When I stepped onto the bus, it was as if I would walked on to the set of the motion picture, Cocoon. If you do not recall, that was the film with all of the outdated individuals who swim in the pool with extraterrestrial eggs and regain their youth by sapping the existence pressure from the alien embryos. In other words and phrases, I could have been the excellent-granddaughter of 75% of the team that we have been touring with. Bear appeared to know anyone on the bus I’m assuming from his affiliation with the local K of C, rotary club, or VFW. I tried to escape at this issue, and named my sister to occur get me, but she just laughed and advised me to slumber in the messy bed I experienced built.

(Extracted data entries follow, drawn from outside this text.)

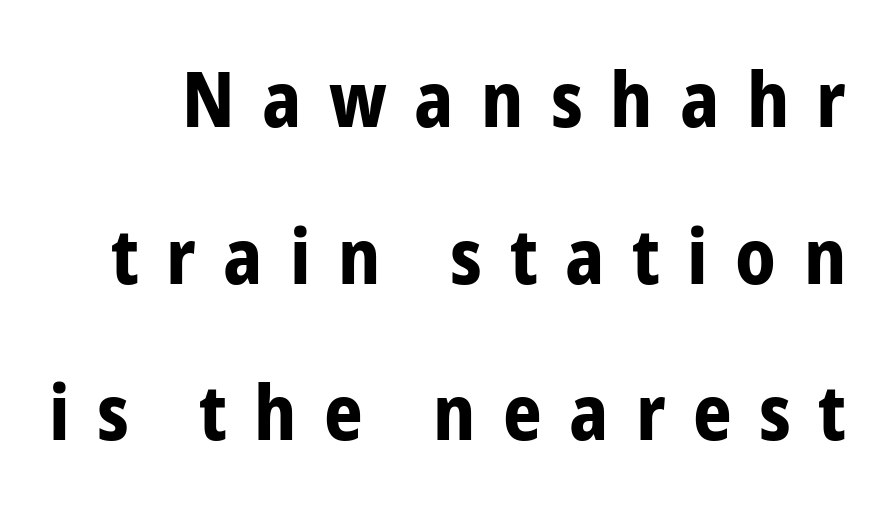
Q: Is the text bold? A: Yes.
Q: Is the text italic (slanted)? A: No, it is upright.
Q: Is the typeface a serif or a sans-serif typeface? A: Sans-serif.
Q: Is the text underlined? A: No.
Q: Is the spacing between letters normal or unusually wide? A: Unusually wide.
Q: Is the spacing between lines tight, normal or loose? A: Loose.
Q: Width (condensed, normal, or wide)? A: Condensed.
Q: Stroke contrast? A: Low.
Q: x-height? A: Medium.
Q: Monospaced? A: No.
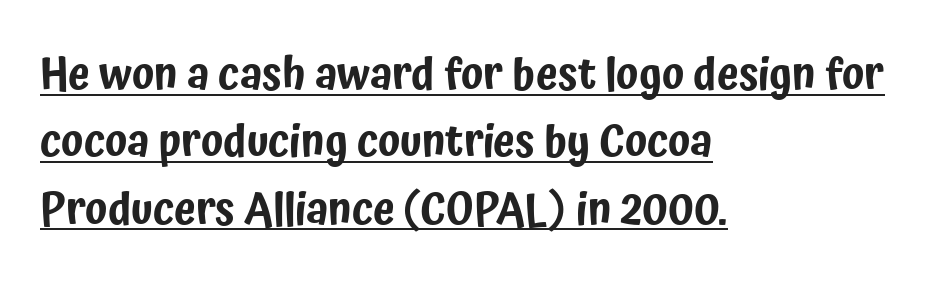
Q: Is the text italic (slanted)? A: No, it is upright.
Q: Is the typeface a serif or a sans-serif typeface? A: Sans-serif.
Q: Is the text underlined? A: Yes.
Q: How is the paragraph aligned? A: Left-aligned.
Q: Is the spacing between letters normal or unusually wide? A: Normal.
Q: Is the spacing between lines tight, normal or loose? A: Normal.
Q: Width (condensed, normal, or wide)? A: Condensed.
Q: Stroke contrast? A: Low.
Q: x-height? A: Medium.
Q: Monospaced? A: No.
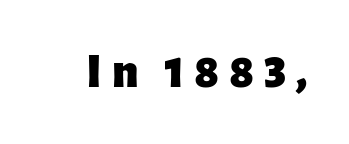
Q: Is the text bold? A: Yes.
Q: Is the text italic (slanted)? A: No, it is upright.
Q: Is the typeface a serif or a sans-serif typeface? A: Sans-serif.
Q: Is the text underlined? A: No.
Q: Is the spacing between letters normal or unusually wide? A: Unusually wide.
Q: Width (condensed, normal, or wide)? A: Normal.
Q: Stroke contrast? A: Low.
Q: x-height? A: Medium.
Q: Monospaced? A: No.
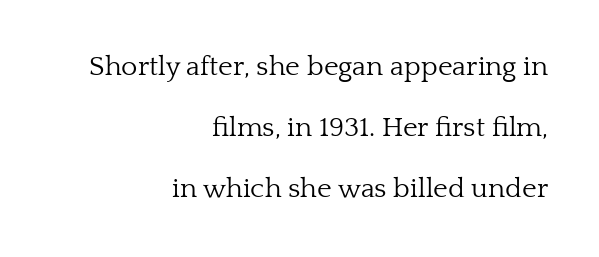
Q: Is the text bold? A: No.
Q: Is the text italic (slanted)? A: No, it is upright.
Q: Is the typeface a serif or a sans-serif typeface? A: Serif.
Q: Is the text underlined? A: No.
Q: How is the paragraph aligned? A: Right-aligned.
Q: Is the spacing between letters normal or unusually wide? A: Normal.
Q: Is the spacing between lines tight, normal or loose? A: Loose.
Q: Width (condensed, normal, or wide)? A: Normal.
Q: Stroke contrast? A: Low.
Q: x-height? A: Medium.
Q: Monospaced? A: No.
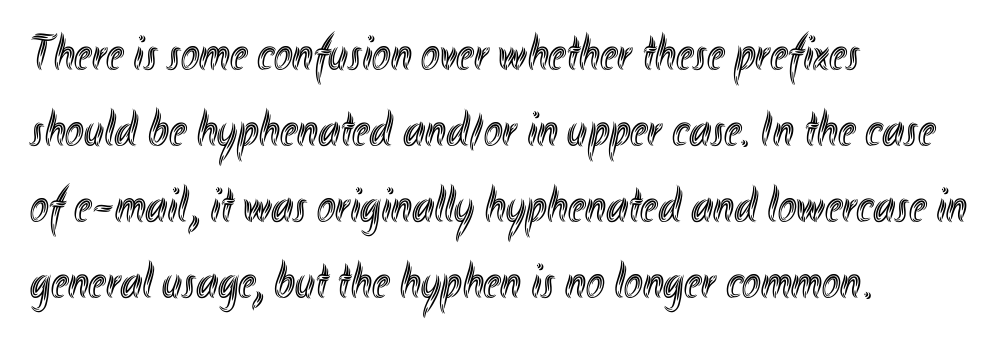
You could not count columns in this text — the font is proportionally spaced. Characters follow at the spacing the type designer built in. What's the leading like? Ordinary, nothing unusual. Quick note: underline off.
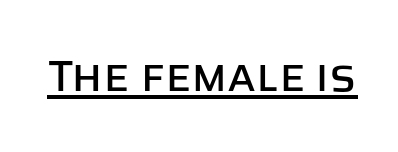
Q: Is the text italic (slanted)? A: No, it is upright.
Q: Is the typeface a serif or a sans-serif typeface? A: Sans-serif.
Q: Is the text underlined? A: Yes.
Q: Is the spacing between letters normal or unusually wide? A: Normal.
Q: Width (condensed, normal, or wide)? A: Normal.
Q: Stroke contrast? A: Low.
Q: x-height? A: Large.
Q: Monospaced? A: No.
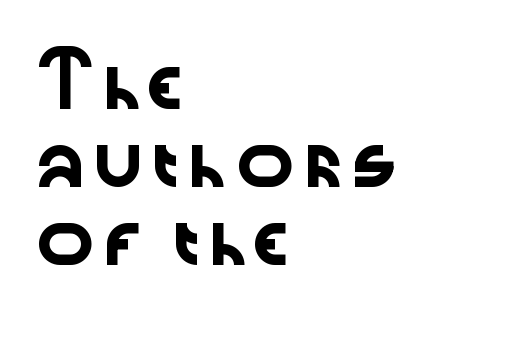
The image shows 50 px wide sans-serif type, upright; set left-aligned, normal line spacing (1.56x), normal letter spacing, not underlined; low stroke contrast and a medium x-height.

I took her tips. I dozed in the course of the 4 ½ hour journey to Jersey, and, even when I wasn’t sleeping, I pretended to. Like a fly on the wall, I overheard the discussions of all those all-around me as they complimented Bear on his pretty, youthful girlfriend and requested how prolonged he and I experienced been dating. His boastful reply of how this was our initial day practically produced my ears bleed and my belly convulse. I was groaning silently in my head and devising a prepare to sabotage any idea that Bear experienced that he was going to kiss me in the future 8 hrs.

It turns out that staying a bored, whining, foul-smelling woman was all I desired to do.

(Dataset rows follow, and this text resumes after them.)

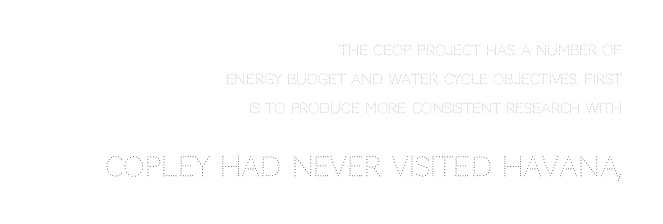
{"italic": "no", "bold": "no", "underline": "no", "align": "right", "line_spacing": "loose", "line_spacing_ratio": 2.08, "letter_spacing": "normal", "letter_spacing_em": 0.0, "larger_block": "second", "size_ratio": 1.93, "glyph_px": 27}
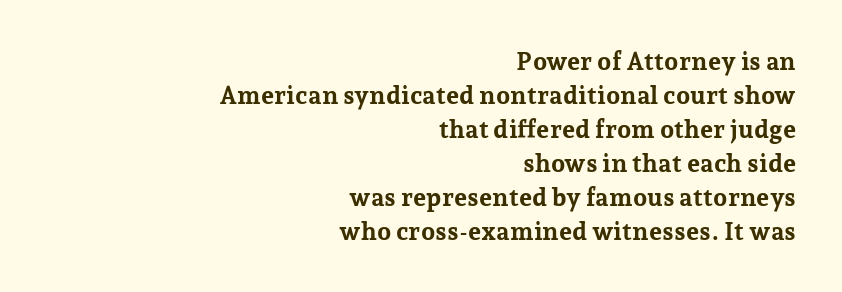
Q: Is the text bold? A: Yes.
Q: Is the text italic (slanted)? A: No, it is upright.
Q: Is the text underlined? A: No.
Q: How is the paragraph aligned? A: Right-aligned.
Q: Is the spacing between letters normal or unusually wide? A: Normal.
Q: Is the spacing between lines tight, normal or loose? A: Normal.
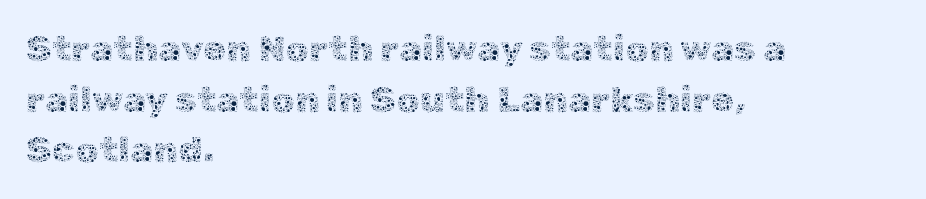
Descenders are the only things crossing below the line. What stands out about the letter spacing? Nothing — it is the standard amount. Upright lettering throughout. The passage shown stacks its lines at a standard gap. The rendering uses natural spacing where letterforms have individual widths.
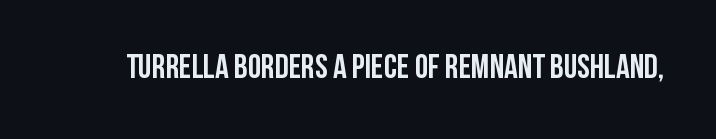
{"serif": "no", "italic": "no", "bold": "yes", "weight": "semibold", "width": "condensed", "stroke_contrast": "low", "x_height": "large", "monospaced": "no", "underline": "no", "letter_spacing": "normal", "letter_spacing_em": 0.0, "glyph_px": 34}
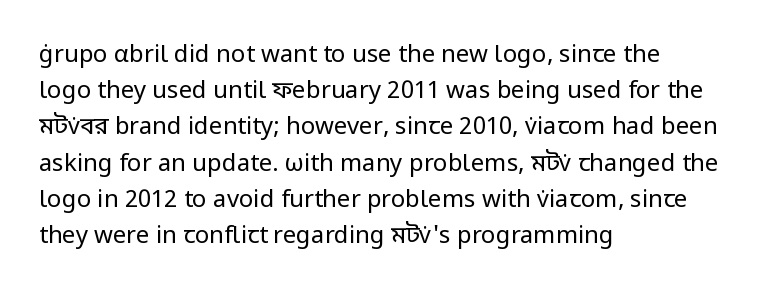
{"italic": "no", "bold": "no", "underline": "no", "align": "left", "line_spacing": "normal", "line_spacing_ratio": 1.51, "letter_spacing": "normal", "letter_spacing_em": 0.0, "glyph_px": 24}
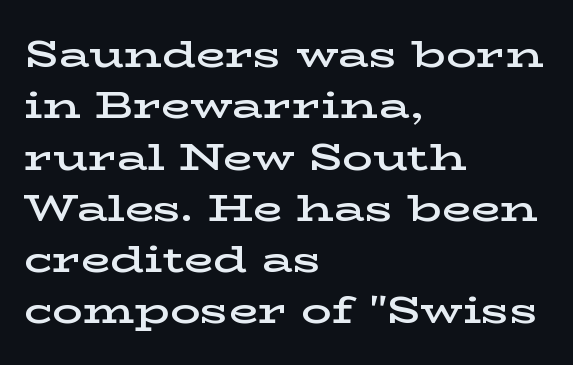
Q: Is the text bold? A: Semi-bold.
Q: Is the text italic (slanted)? A: No, it is upright.
Q: Is the typeface a serif or a sans-serif typeface? A: Serif.
Q: Is the text underlined? A: No.
Q: How is the paragraph aligned? A: Left-aligned.
Q: Is the spacing between letters normal or unusually wide? A: Normal.
Q: Is the spacing between lines tight, normal or loose? A: Normal.
Q: Width (condensed, normal, or wide)? A: Wide.
Q: Stroke contrast? A: Low.
Q: x-height? A: Medium.
Q: Monospaced? A: No.
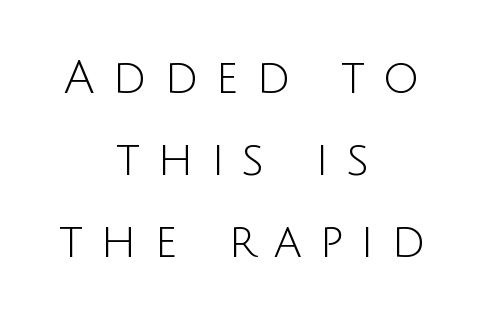
Q: Is the text bold? A: No.
Q: Is the text italic (slanted)? A: No, it is upright.
Q: Is the typeface a serif or a sans-serif typeface? A: Sans-serif.
Q: Is the text underlined? A: No.
Q: How is the paragraph aligned? A: Centered.
Q: Is the spacing between letters normal or unusually wide? A: Unusually wide.
Q: Width (condensed, normal, or wide)? A: Normal.
Q: Stroke contrast? A: Low.
Q: x-height? A: Large.
Q: Monospaced? A: No.

I stood upcoming to Bear when he performed Black Jack, yawning obnoxiously and producing certain that no section of my body touched any component of his. I could smell the stale cigarette smoke in my hair from the night time in advance of and the bitter smell of alcoholic beverages seeping as a result of my skin, and I gave many thanks and praise for my disgustingness… I was hoping it would act as garlic to a vampire. Bear experienced offered me $20 so that I could try to eat whilst we were there, and we went to some cafe in the on line casino. He purchased steak, baked potato, salad… the works. I had by now spent some of my $20 on drinks, due to the fact, considering that I was not gambling, I was not entitled to drink for cost-free in the on line casino. So, I did not have sufficient dollars to get a good food, and settled for a sandwich and chips. I complained about my meals loudly (and sincerely, actually- it was horrible), although I viewed with envy as Bear ate his shrimp cocktail. I was worn out, hungry, in business that I did not want to be in, and I did not hesitate to enable Bear know how miserable I was. By the time we returned to the bus to go away, he not only was not talking to me, he wouldn’t even sit following to me on the experience household.

Ethical of the story: The most painless way to get out of a bad day is to be a worse one.